While birds who are not initialized with Campylobacter become infected at a slightly later time, the dynamical behavior is very similar across all birds in the flock. Multiple realizations do not display the broader spectrum of behavior observed in the one broiler case (Figure 6). The implication is that housing a greater number of birds causes more homogeneous dynamical behavior, and indeed the wide variety of Campylobacter expression seen in the isolated bird experiments of Achen et al. (1998) is not so commonly observed in experiments with group-housed birds (Van Gerwe et al., 2005).

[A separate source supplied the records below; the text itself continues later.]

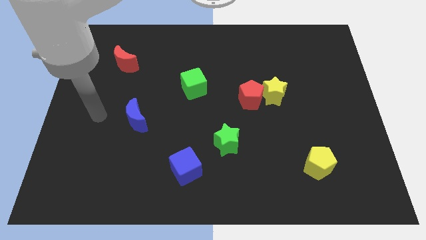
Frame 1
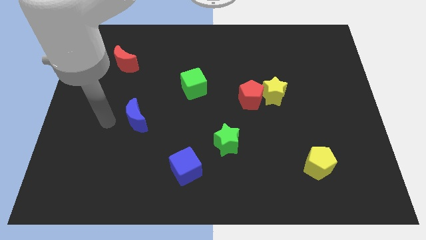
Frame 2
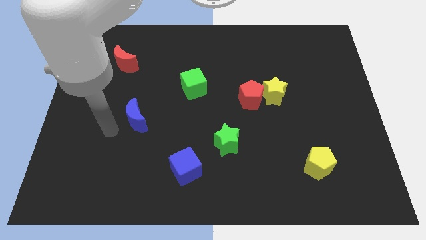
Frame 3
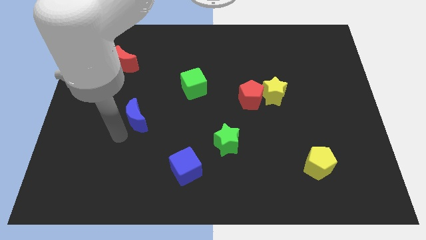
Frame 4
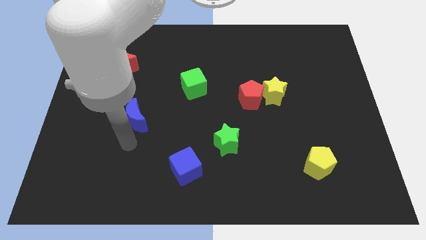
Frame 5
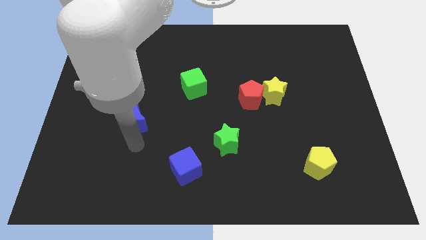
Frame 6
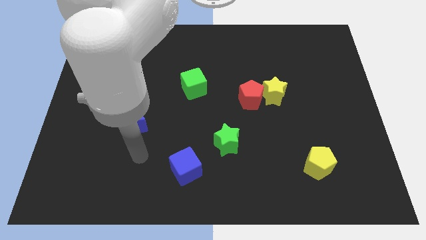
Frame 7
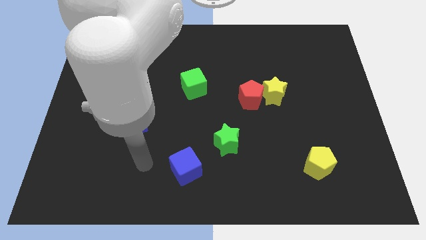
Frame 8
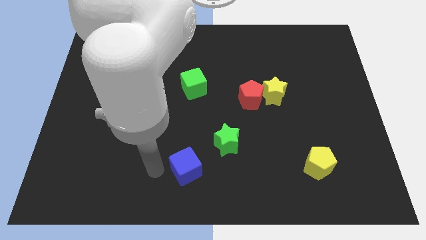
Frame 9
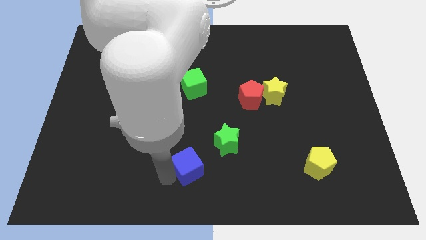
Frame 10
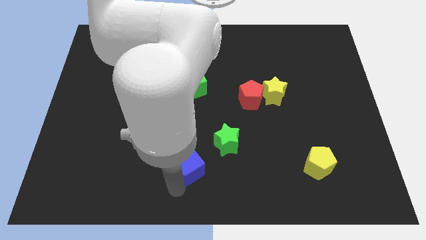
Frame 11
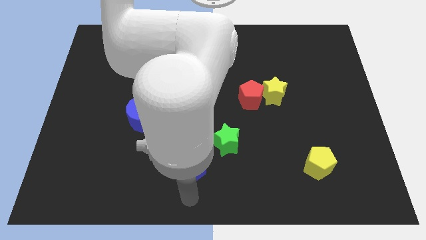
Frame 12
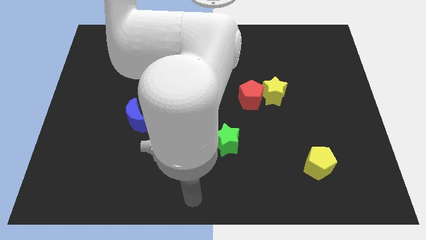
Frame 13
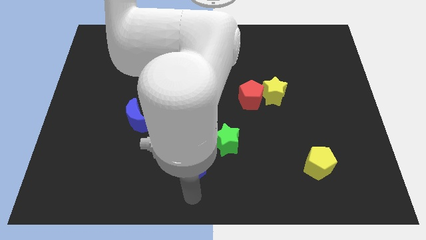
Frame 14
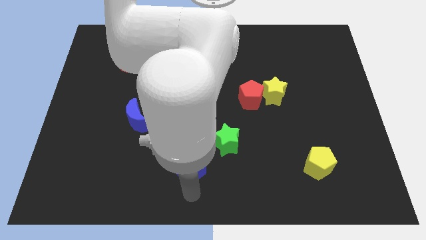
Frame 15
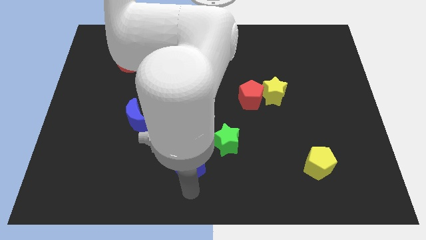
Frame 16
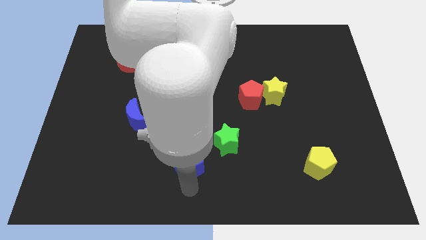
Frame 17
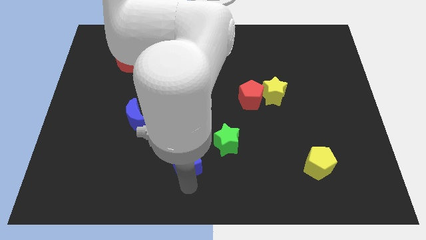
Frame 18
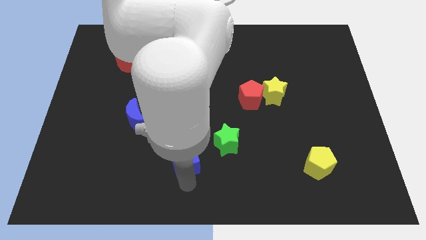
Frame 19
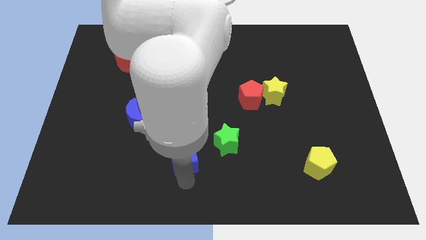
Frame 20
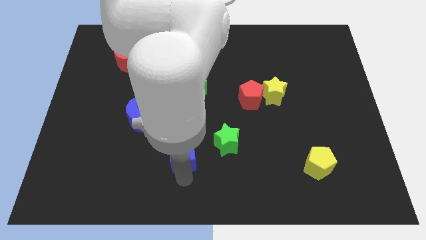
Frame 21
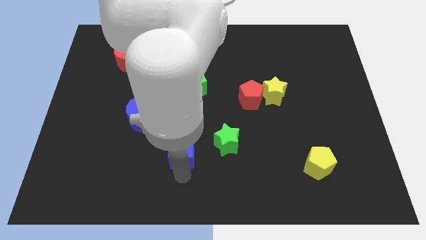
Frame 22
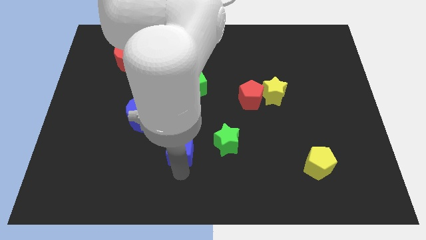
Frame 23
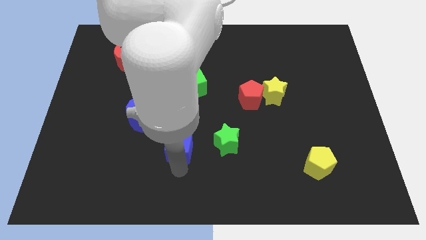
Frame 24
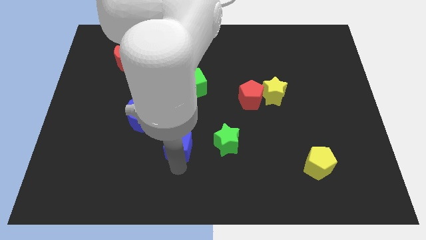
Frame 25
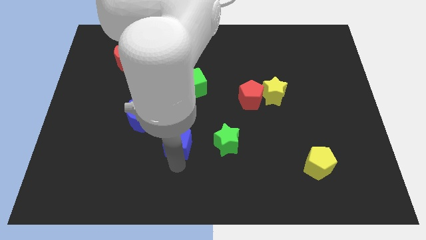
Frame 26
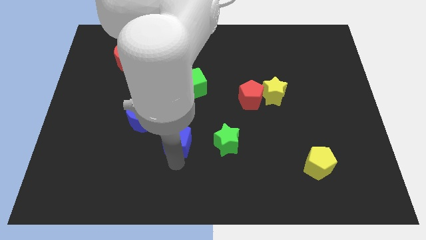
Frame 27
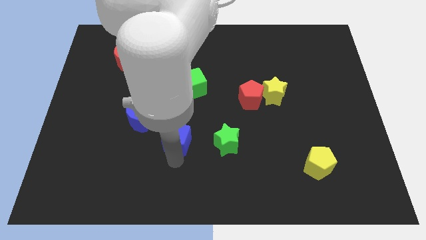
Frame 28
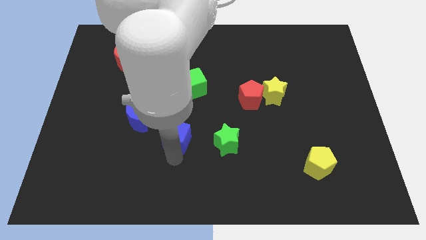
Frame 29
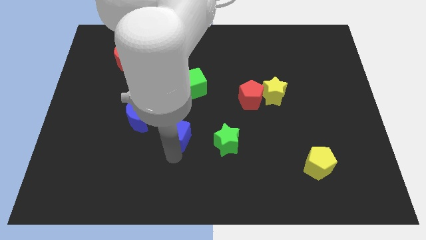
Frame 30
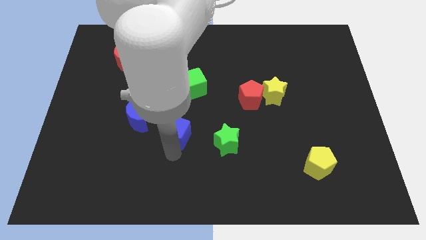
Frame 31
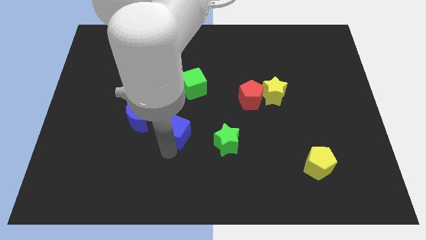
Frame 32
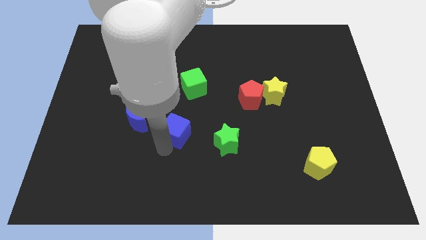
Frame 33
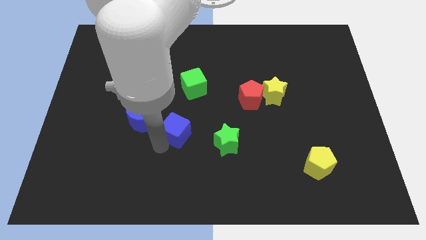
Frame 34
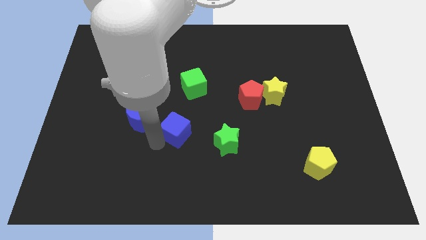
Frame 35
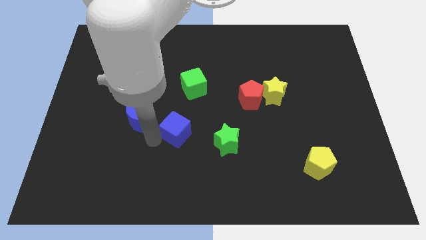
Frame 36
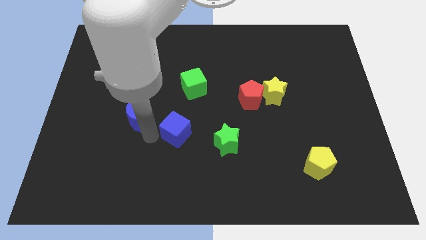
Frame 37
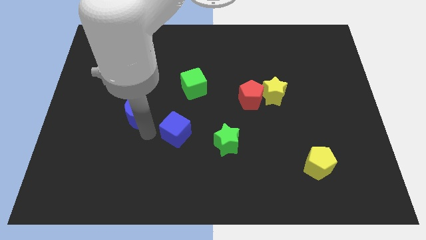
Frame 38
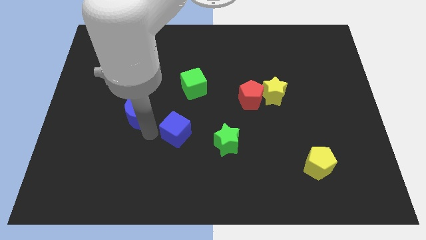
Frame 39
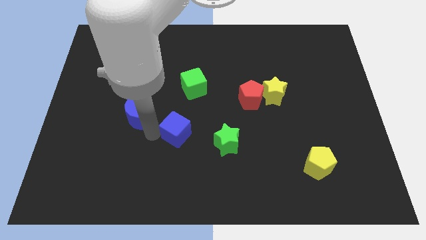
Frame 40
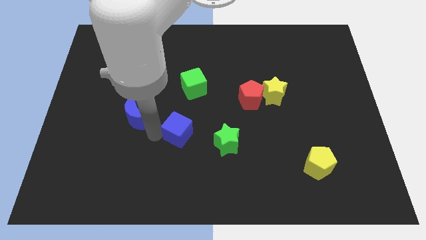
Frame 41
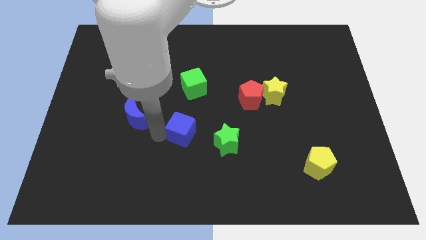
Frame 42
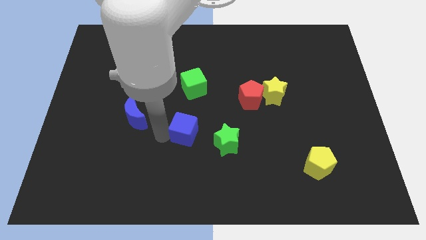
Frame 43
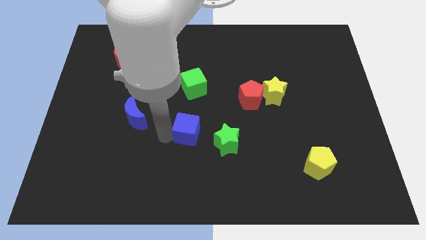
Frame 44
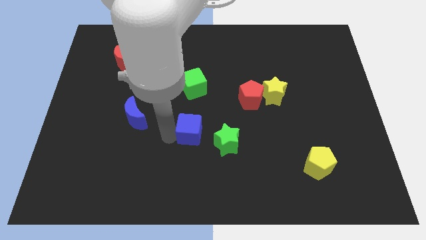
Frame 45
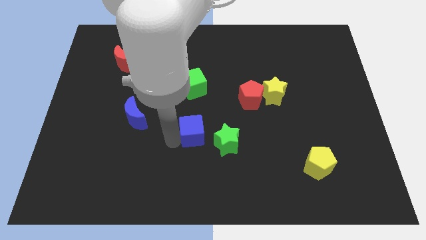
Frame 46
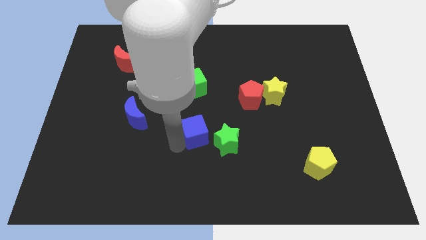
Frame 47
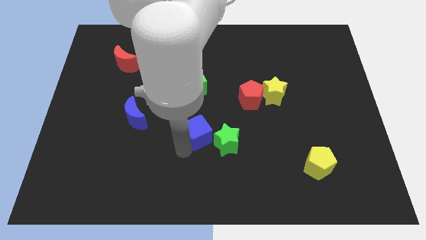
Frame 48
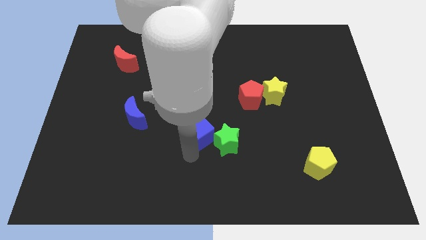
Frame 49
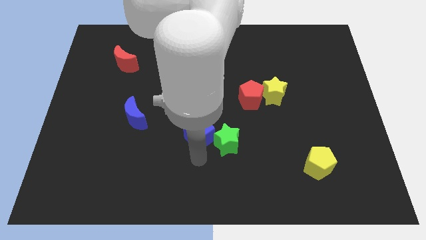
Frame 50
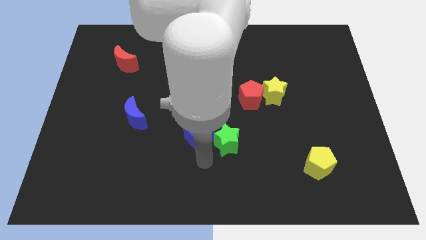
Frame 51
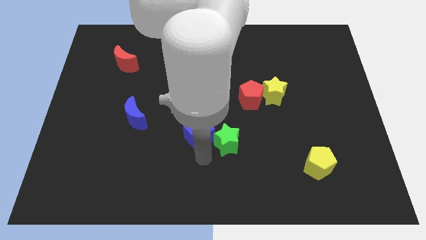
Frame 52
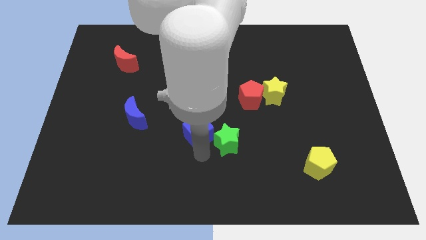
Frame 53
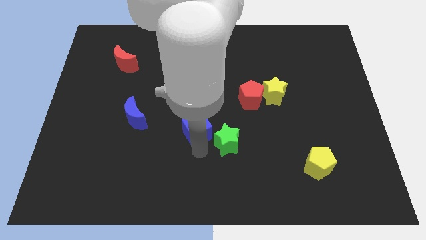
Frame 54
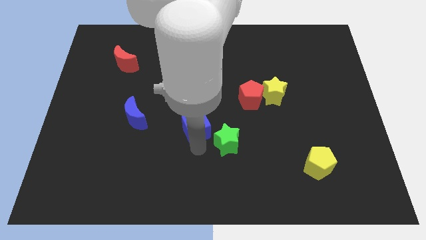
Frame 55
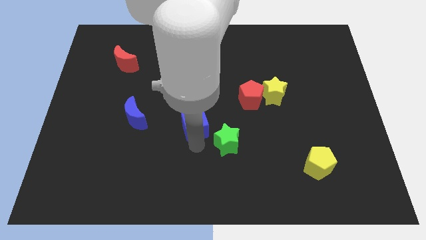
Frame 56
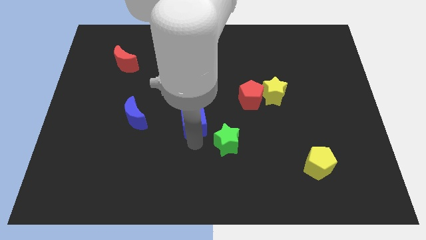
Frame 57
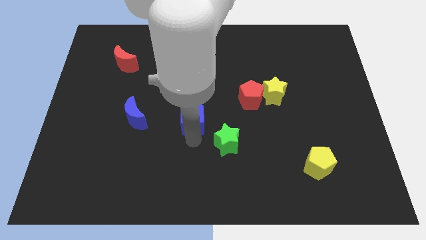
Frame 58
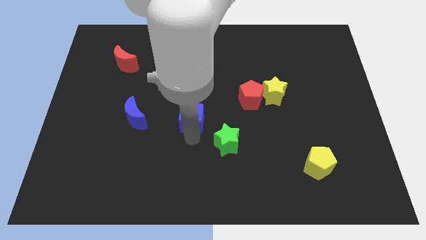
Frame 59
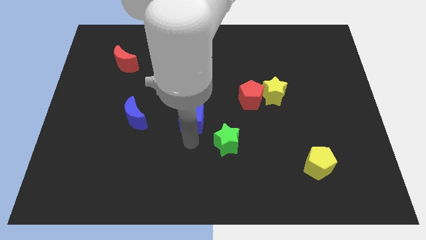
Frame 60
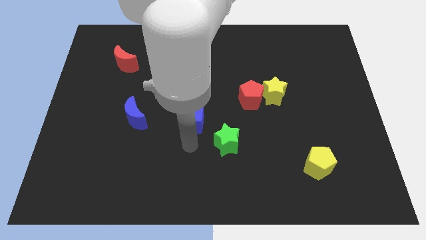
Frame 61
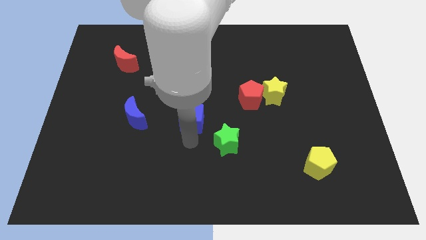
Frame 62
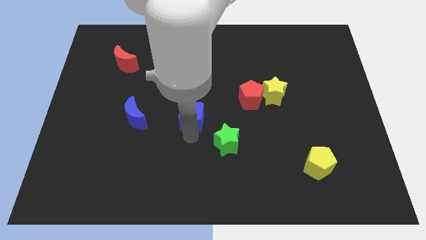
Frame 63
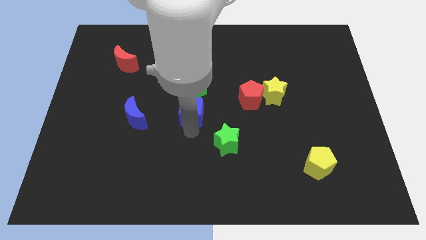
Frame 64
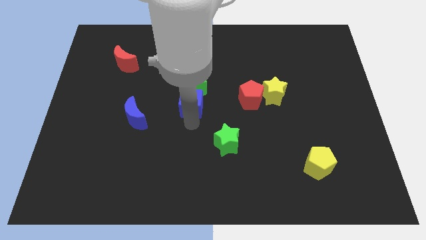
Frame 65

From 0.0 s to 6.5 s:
push the blue cube close to the green cube

3.4. Stochastic Model—Five Strains in Multiple Broilers

We extend the previous scenario to investigate dynamics of multiple strains. Five strains of competing Campylobacter are modeled within the same flock of 400 birds. The same constants are used as in the previous scenario, with each strain having identical rate constants. One key difference is that all broilers are initialized without any Campylobacter, instead an initial amount is present in the environment. Each strain of Campylobacter in the environment is initialized at E1(0) = E2(0) = E3(0) = E4(0) = E5(0) = 100. The results of this simulation are shown in Figure 8.

Figure 8.

Figure 8

Stochastic simulations of multiple Campylobacter strains within multiple broilers. (A–D) The proportion of four different broilers' microbiomes that contain five strains of Campylobacter. All birds are within the same flock. (E) Shows how much of the environment (total size of 200,000) contains the five strains of Campylobacter. These are variables Ej in the model.

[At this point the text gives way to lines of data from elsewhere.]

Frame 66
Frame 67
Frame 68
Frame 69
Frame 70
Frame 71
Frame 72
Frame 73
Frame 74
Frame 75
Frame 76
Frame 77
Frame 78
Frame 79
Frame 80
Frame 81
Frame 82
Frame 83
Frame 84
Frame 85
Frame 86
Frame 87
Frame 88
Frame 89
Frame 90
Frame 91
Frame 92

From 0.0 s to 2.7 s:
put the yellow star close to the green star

On average, all strains perform equally well across the flock, as shown in Figure 8E. All strains slowly converge to roughly equal amounts in the environment, reflecting an equal presence on average across all birds in the flock. However, when observing the Campylobacter proportions within individual broilers, one or two strains will tend to dominate early on in colonizing a broiler's gut, which can in turn prevent other strains from taking hold (seen most clearly in Figure 8D). This dynamical behavior was first observed in our deterministic simulations (see Figure 5B), however unlike in the deterministic case, stochastic events can cause dominant Campylobacter strains to reduce in population, presenting an opportunity for a different strain to establish itself.

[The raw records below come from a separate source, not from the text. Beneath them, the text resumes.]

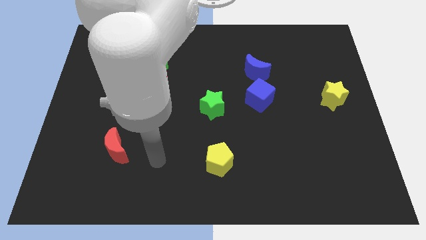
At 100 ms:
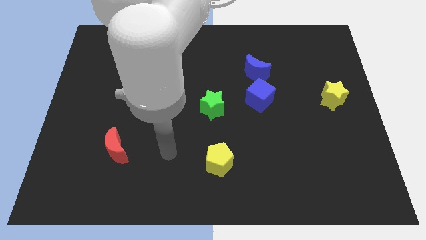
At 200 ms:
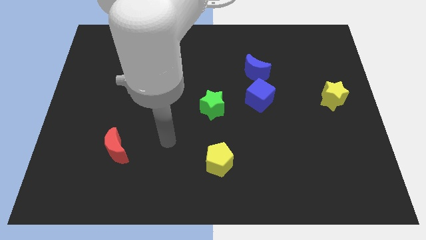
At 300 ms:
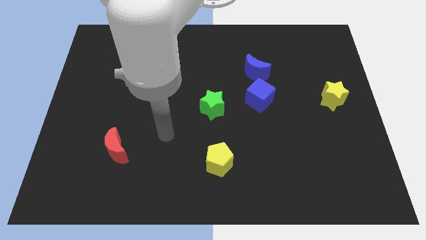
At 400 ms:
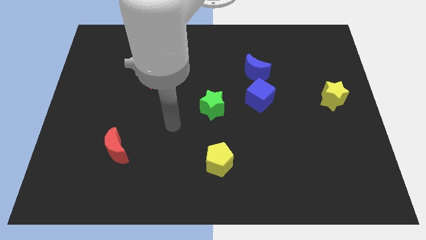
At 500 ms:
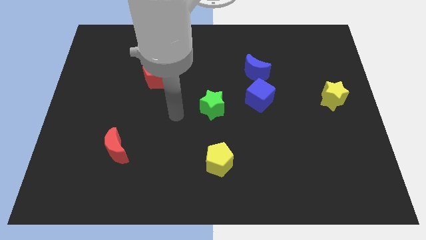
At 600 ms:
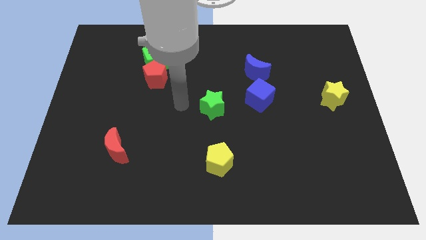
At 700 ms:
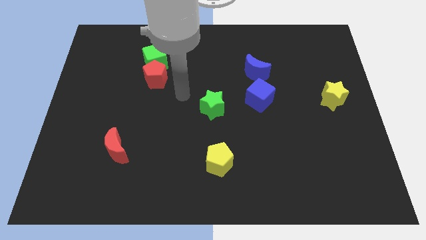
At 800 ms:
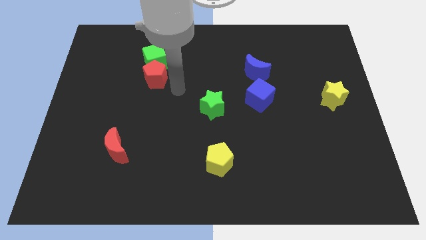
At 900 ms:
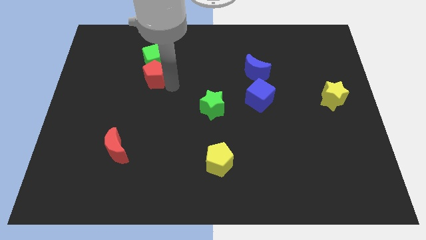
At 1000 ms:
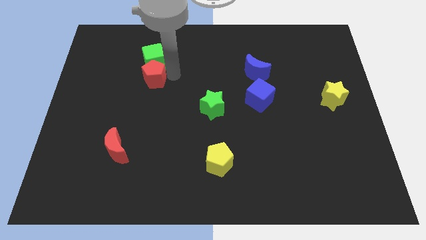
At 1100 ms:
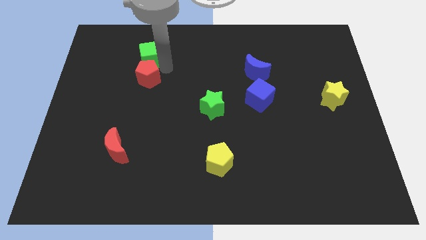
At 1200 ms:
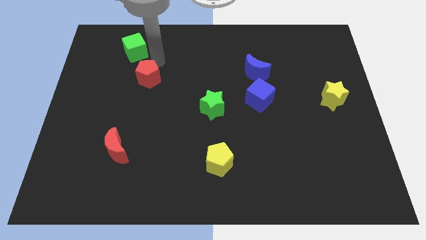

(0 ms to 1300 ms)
separate the red pentagon from the green cube

This phenomena is more clearly seen if the timescale of the simulation is extended, as illustrated in Figure 9. Although the average population of strains across the flock is equal, the stochastic model shows that a single strain of Campylobacter tends to dominate the gut of individual broilers at any one time. Although there are brief periods where strains exist in equal amounts, eventually the balance shifts again to longer periods of dominance by one or perhaps two strains.

Figure 9.

Figure 9

Stochastic simulations of multiple Campylobacter strains within multiple broilers across a greater timescale. (A,B) The proportion of two different broilers' microbiomes that contain five identical strains of Campylobacter.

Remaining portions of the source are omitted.